WHAT IS NEEDED: Your task is to find every line in the records that holds the string "linecap" and copy it.
+ + + + +
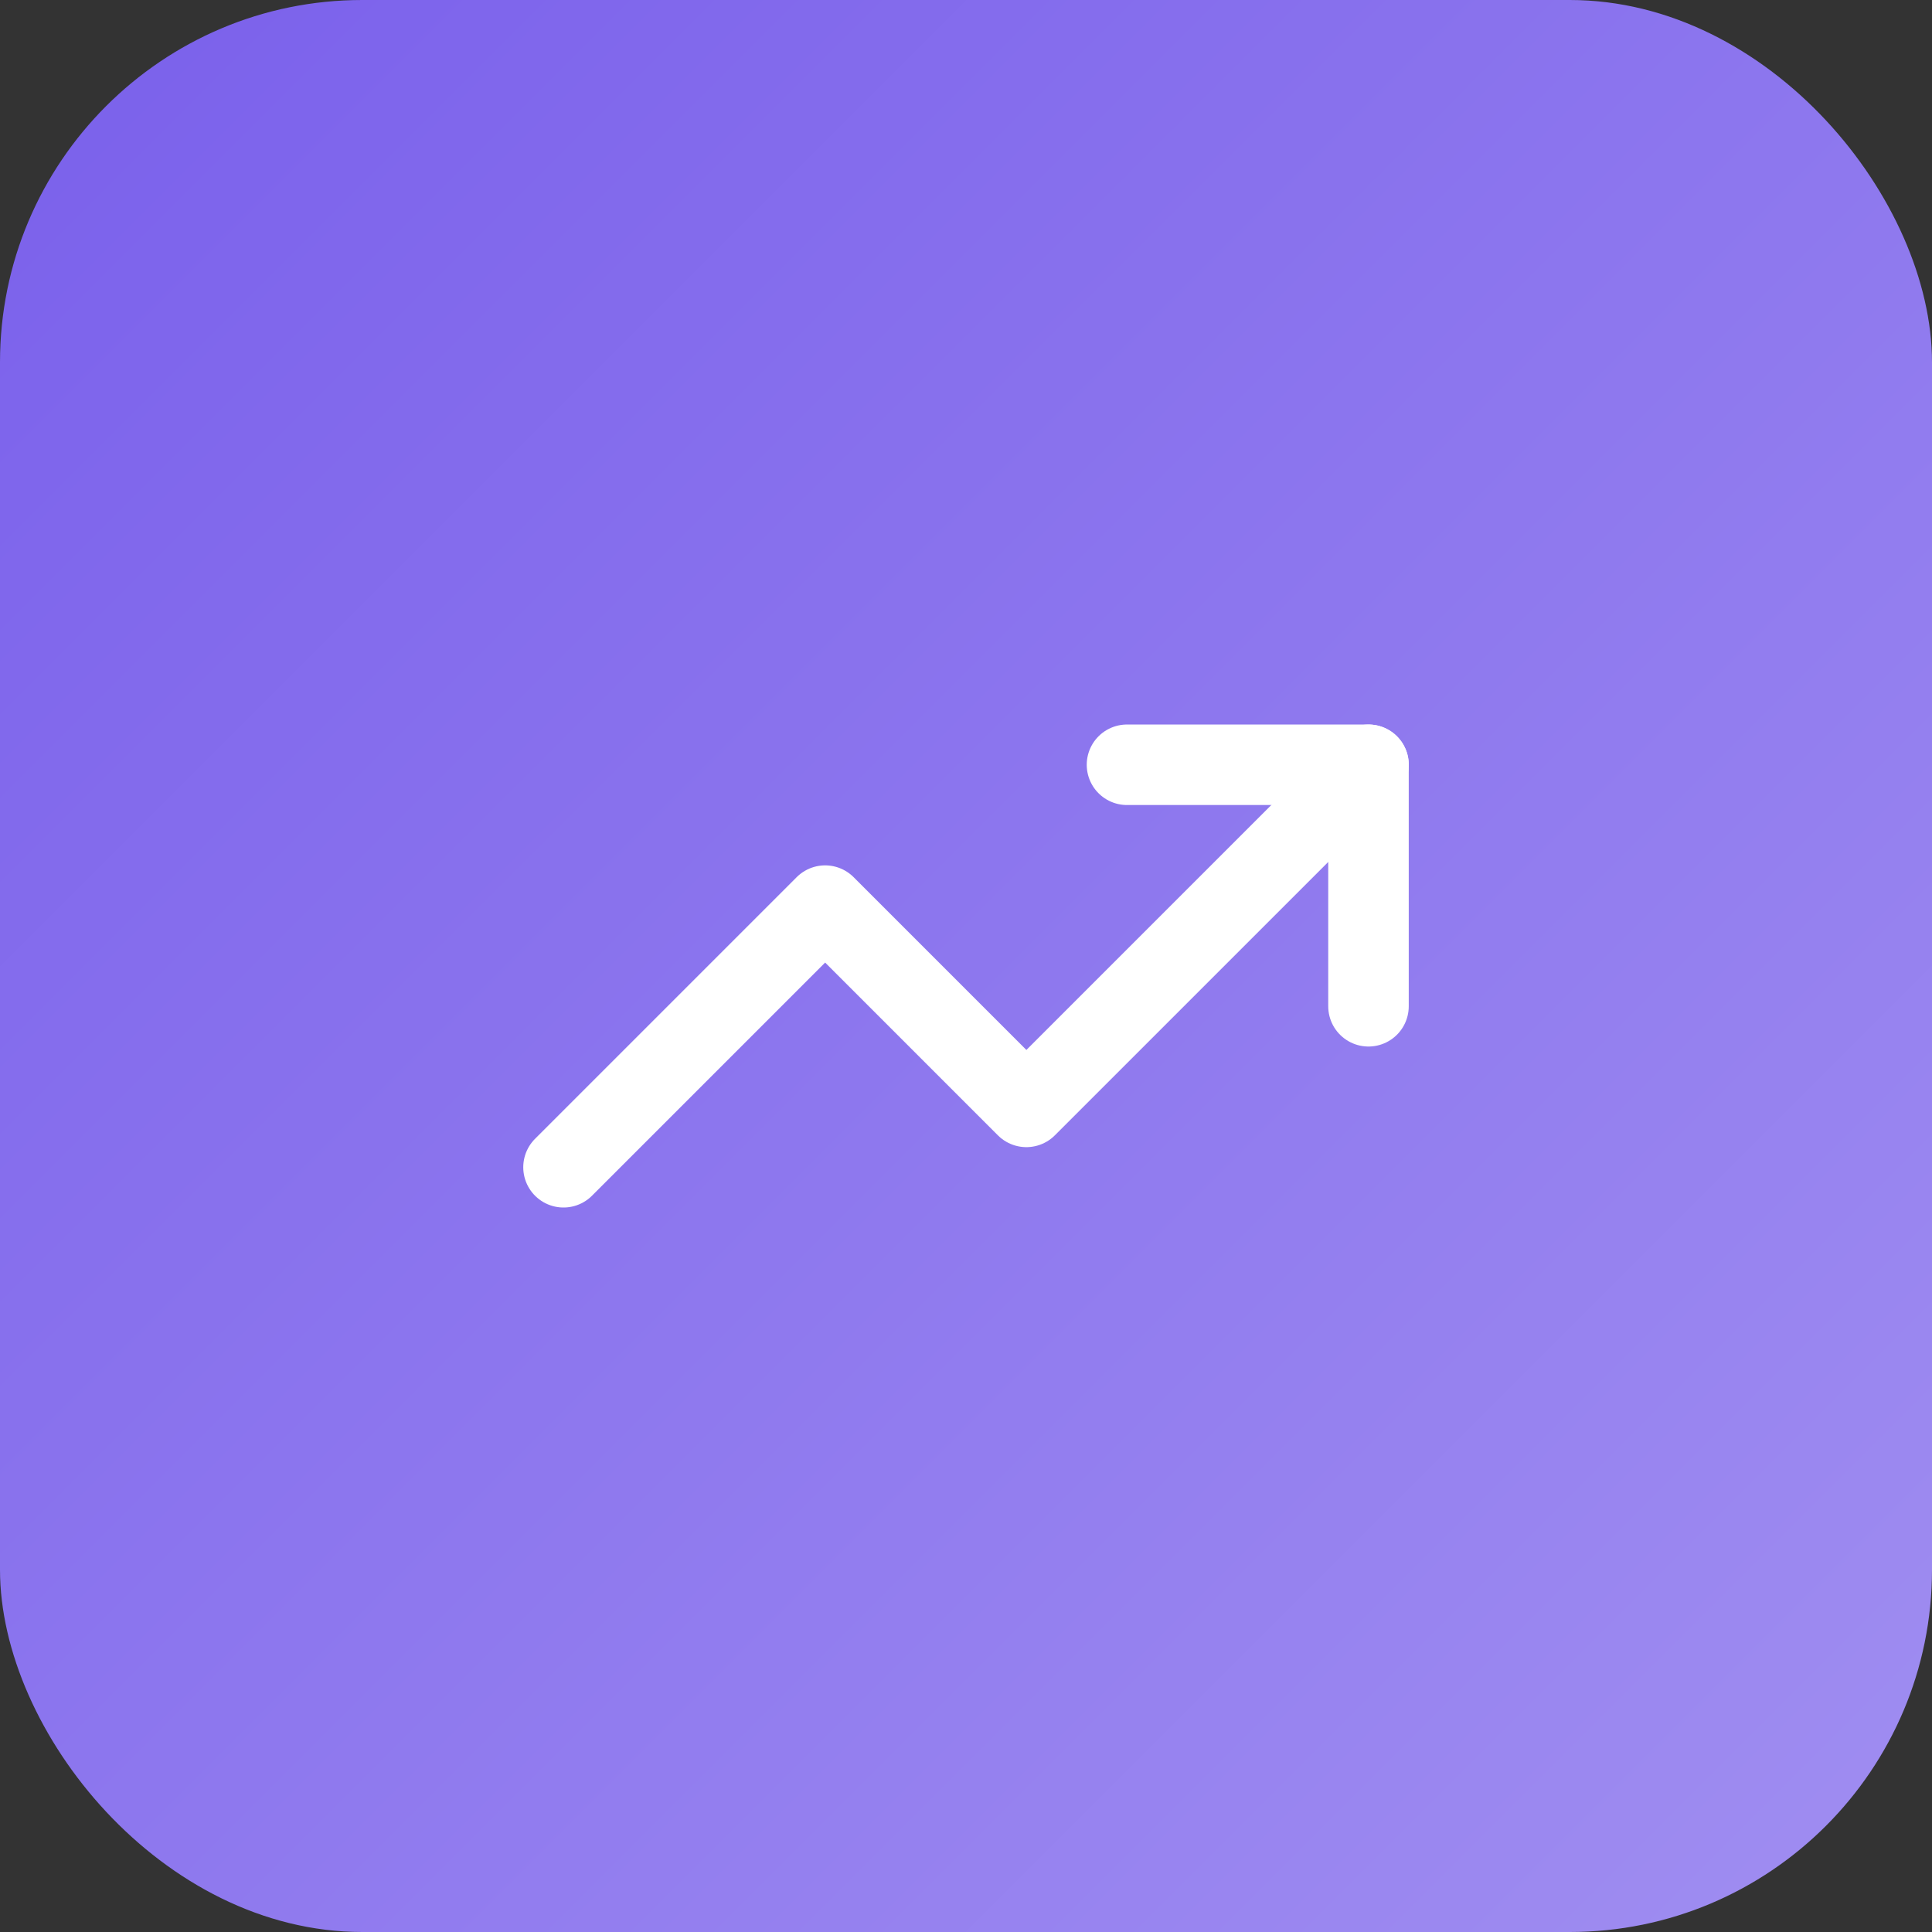 <svg width="64" height="64" viewBox="0 0 64 64" fill="none" xmlns="http://www.w3.org/2000/svg">
<rect x="0" y="0" width="64" height="64" fill="#333333" stroke="none"/>
<rect width="64" height="64" rx="12" fill="url(#paint0_linear_5394_21560)"/>
<path d="M45.334 25.334L34 36.667L27.334 30L18.667 38.667" stroke="white" stroke-width="2.667" stroke-linecap="round" stroke-linejoin="round"/>
<path d="M37.333 25.334H45.333V33.334" stroke="white" stroke-width="2.667" stroke-linecap="round" stroke-linejoin="round"/>
<defs>
<linearGradient id="paint0_linear_5394_21560" x1="0" y1="0" x2="64" y2="64" gradientUnits="userSpaceOnUse">
<stop stop-color="#7A60EB"/>
<stop offset="1" stop-color="#A08EF1"/>
</linearGradient>
</defs>
</svg>
+ + + + +
EXERCISE RESULT:
<path d="M45.334 25.334L34 36.667L27.334 30L18.667 38.667" stroke="white" stroke-width="2.667" stroke-linecap="round" stroke-linejoin="round"/>
<path d="M37.333 25.334H45.333V33.334" stroke="white" stroke-width="2.667" stroke-linecap="round" stroke-linejoin="round"/>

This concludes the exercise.